Dünyaca ünlü fizik profesörü Stephen Hawking’in adını hemen hepimiz bir şekilde duymuşuzdur.
Büyük Patlama Teorisi’nin (Big Bang Theory) geliştirilmesinde önemli katkıları bulunan, bu alandaki başarıları, ’20. Yüzyılın buluşları’ arasında gösterilen ve ‘Einstein’dan bu yana dünyaya gelen en parlak teorisyen fizikçi’ olarak kabul edilen İngiliz evrenbilimci Hawking’in, tekerlekli sandalyede yaşamını sürdürdüğünü ve pek çok vücut fonksiyonu gibi konuşma yetisini de yitirdiği için sandalyesine bağlı bilgisayar aracılığıyla konuştuğunu da duymuş/görmüşüzdür.
Peki Hawking’in hastalığının ne olduğunu biliyor muyuz?
Sanırım birçoğumuz bu hastalığın ne olduğunu daha yeni yeni öğreniyoruz.

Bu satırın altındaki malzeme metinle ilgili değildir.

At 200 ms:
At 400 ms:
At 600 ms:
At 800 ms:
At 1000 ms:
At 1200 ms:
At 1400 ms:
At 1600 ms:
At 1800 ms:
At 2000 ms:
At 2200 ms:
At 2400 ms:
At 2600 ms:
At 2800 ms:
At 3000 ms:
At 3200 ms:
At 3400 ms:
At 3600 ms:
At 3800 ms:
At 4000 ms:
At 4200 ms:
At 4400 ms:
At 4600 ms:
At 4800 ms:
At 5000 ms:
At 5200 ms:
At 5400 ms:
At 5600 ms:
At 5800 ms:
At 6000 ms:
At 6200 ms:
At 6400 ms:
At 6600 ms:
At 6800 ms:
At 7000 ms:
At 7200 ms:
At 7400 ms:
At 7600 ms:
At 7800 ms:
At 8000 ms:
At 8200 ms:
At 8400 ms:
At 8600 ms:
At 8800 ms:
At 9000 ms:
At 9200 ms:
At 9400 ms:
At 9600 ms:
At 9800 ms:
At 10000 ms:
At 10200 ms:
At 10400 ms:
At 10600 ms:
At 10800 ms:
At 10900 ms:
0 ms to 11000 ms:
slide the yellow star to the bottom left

Çünkü ölümcül bir hastalık olan ALS konusunda farkındalık yaratmak amacıyla başlatılan bir kampanya, tüm dünya ile birlikte bizim de gündemimize girmiş durumda.
Amyotrofik Lateral Skleroz ya da Motor Nöron Hastalığı olarak bilinen ve merkezi sinir sisteminde, omurilik ve beyin sapında motor sinir hücrelerinin kaybıyla ortaya çıkan ALS, kaslarda erimeye yol açıyor ve hastalar başta kollar ve bacaklar olmak üzere pek çok vücut fonksiyonunu kaybediyor.

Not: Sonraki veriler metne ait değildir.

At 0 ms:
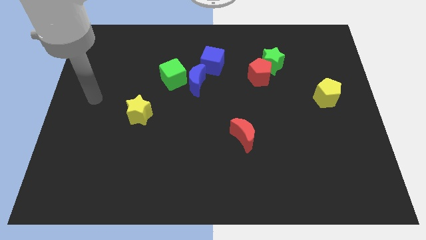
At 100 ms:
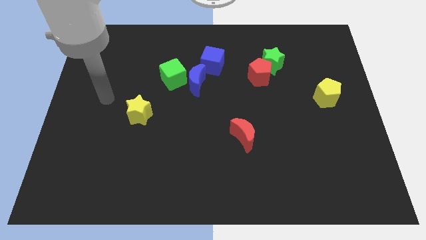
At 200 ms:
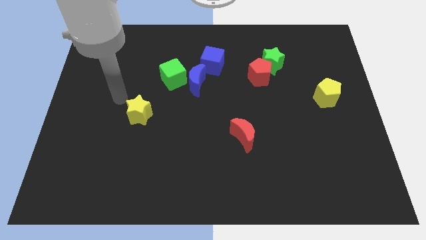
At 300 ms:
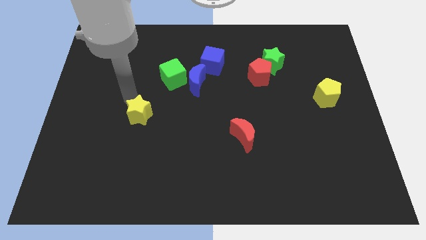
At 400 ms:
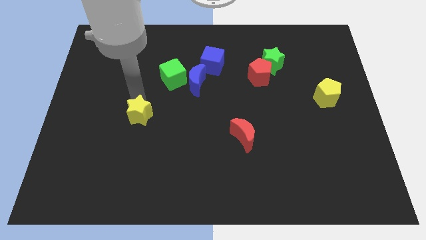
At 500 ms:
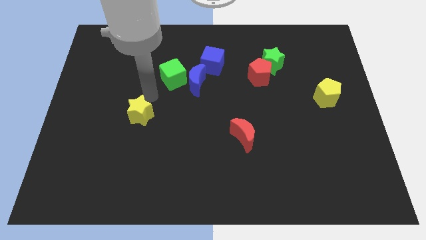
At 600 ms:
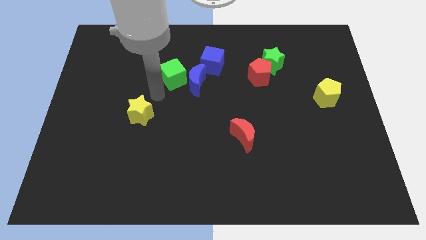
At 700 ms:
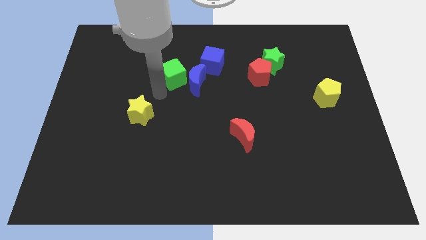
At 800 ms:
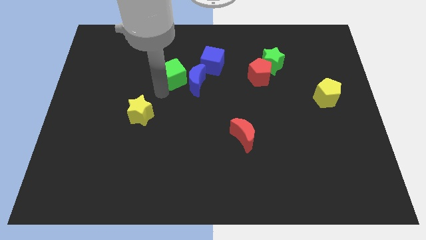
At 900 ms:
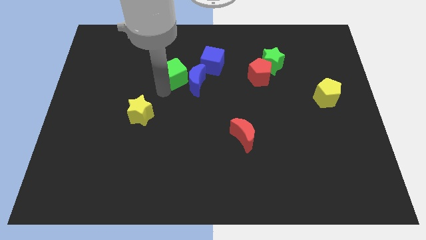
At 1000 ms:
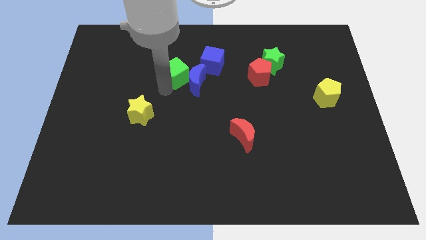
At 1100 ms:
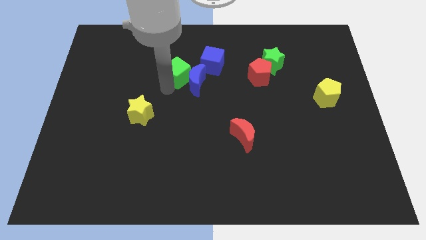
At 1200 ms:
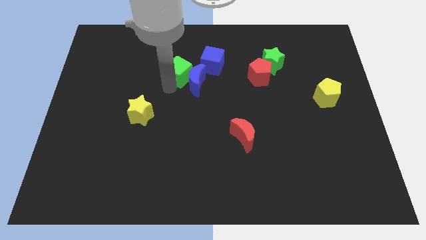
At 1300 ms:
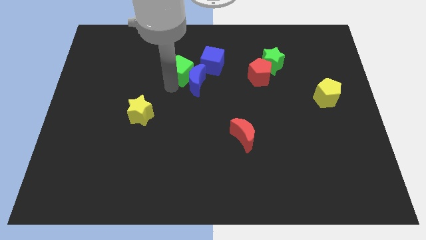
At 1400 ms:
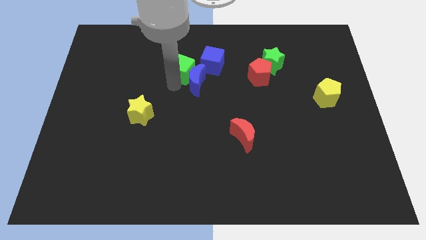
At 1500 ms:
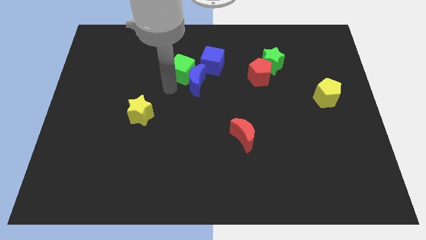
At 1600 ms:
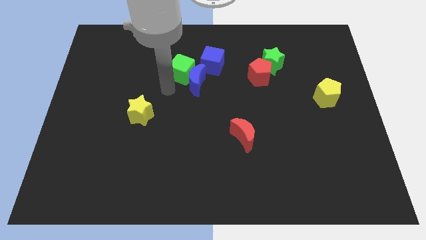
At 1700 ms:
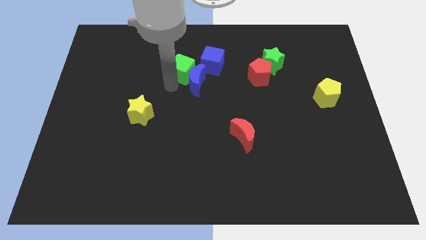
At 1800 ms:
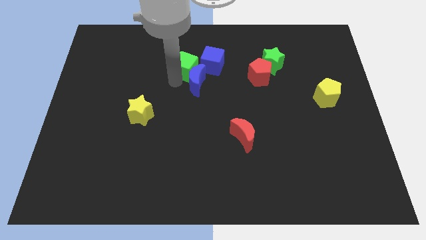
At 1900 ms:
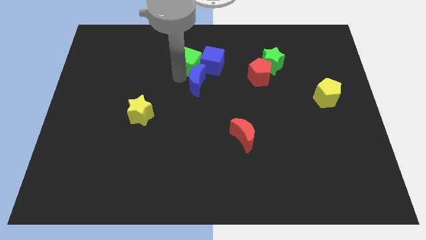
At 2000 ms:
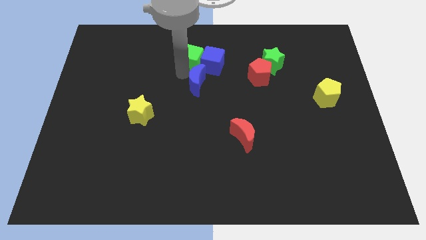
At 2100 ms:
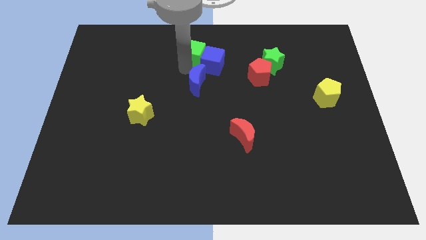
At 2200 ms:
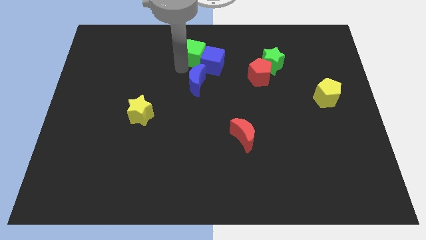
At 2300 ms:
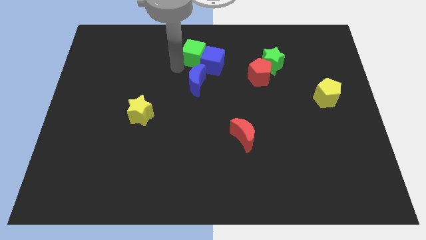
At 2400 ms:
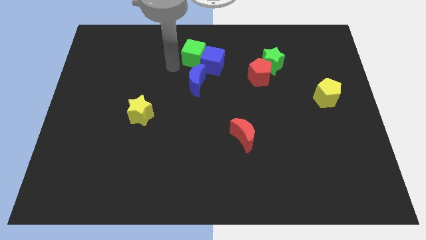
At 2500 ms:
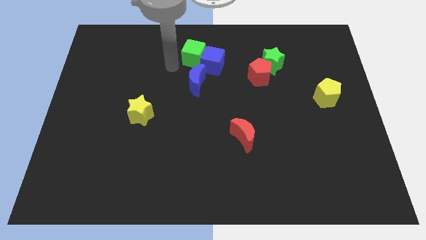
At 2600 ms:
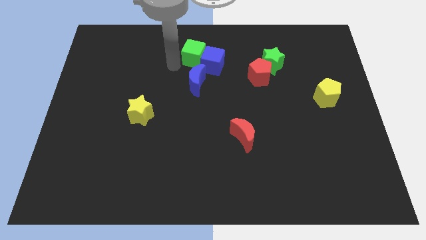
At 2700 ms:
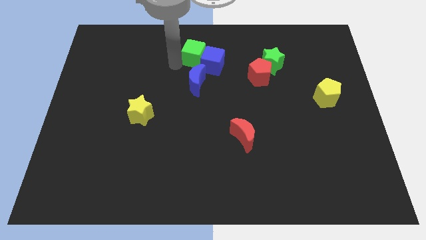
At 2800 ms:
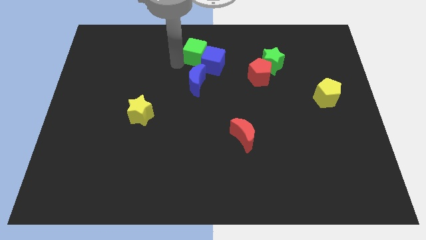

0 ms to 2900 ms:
move the green cube to the top

Zihinsel fonksiyonların etkilenmiyor oluşu ise bu hastalığın belki de tek tesellisi.
Hawking, teşhis konulduktan sonra ortalama 2 ile 5 yıl arasında ömür biçilen ALS hastaları adına ufak da olsa bir umut, çünkü 21 yaşında ALS teşhisi konulan ünlü bilim insanı, bugün 72 yaşında ve hâlâ hayatta.

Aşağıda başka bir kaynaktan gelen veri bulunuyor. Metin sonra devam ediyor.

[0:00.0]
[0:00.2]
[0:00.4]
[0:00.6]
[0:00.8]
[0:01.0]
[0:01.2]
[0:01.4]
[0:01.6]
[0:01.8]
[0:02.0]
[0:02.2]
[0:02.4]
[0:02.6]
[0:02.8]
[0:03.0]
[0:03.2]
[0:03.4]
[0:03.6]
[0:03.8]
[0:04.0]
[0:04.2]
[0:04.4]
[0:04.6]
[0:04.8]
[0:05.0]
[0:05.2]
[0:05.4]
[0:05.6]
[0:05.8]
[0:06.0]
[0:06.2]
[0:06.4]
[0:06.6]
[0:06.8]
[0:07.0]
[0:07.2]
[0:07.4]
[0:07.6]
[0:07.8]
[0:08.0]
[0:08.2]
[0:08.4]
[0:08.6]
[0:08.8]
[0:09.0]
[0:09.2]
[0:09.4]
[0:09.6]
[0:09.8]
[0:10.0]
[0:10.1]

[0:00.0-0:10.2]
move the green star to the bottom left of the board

1941 yılında bu hastalıktan ölen Amerika’nın ünlü beyzbol oyuncusu Lou Gehrig’in adıyla da anılmakta olan ALS ile ilgili olarak başlatılan Ice Bucket Challenge adlı kampanya, kimi kesimlerden büyük destek görürken, kimi kesimlerce ise eleştirilmekte.
Eleştiri nedenlerinin başında ise, kampanyanın özellikle sosyal medyada bir ‘şov’ aracı haline gelmiş olması geliyor.
Bu noktaya katılmamak sanırım imkansız.
Ama her şeye rağmen ALS hakkında bir farkındalığın oluştuğu, en azından hastalığın daha bilinir hale geldiği gerçeğini gözden kaçırmamak lazım.
Bir diğer önemli nokta, bu kampanya aracılığıyla hedeflenen bağışlar tabii.
Toplanan bağışlar hem hastalar ve hem de esasen hastalığın tedavisi adına yapılan klinik çalışmalar için harcanacak.
Amerika’da çok kısa sürede yaklaşık 15 milyon Dolar toplanmış.
Ama örneğin neredeyse başından aşağı buzlu su dökmeyen ünlünün kalmadığı Türkiye’de sadece 95 bin TL bağış toplanabilmiş.
Facebook’tan izlediğim kadarıyla bu kampanya bizim ülkemizde de son derece popüler.
Peki acaba bağış yapan kaç kişi var?
***
Her türlü eleştiriye rağmen bu ve benzeri kampanyaların önemli olduğuna inananlardanım.
Yeter ki esas amaç unutulmasın.
Hastalığın kendinin unutulup da kampanyanın sadece bir eğlence, bir eğlenme ve bir gösteriş aracına dönüştürülmesi, eminim bu hastalığı taşıyanların ve onların yakınlarının kalbini kırmaktan başka bir işe yaramayacaktır.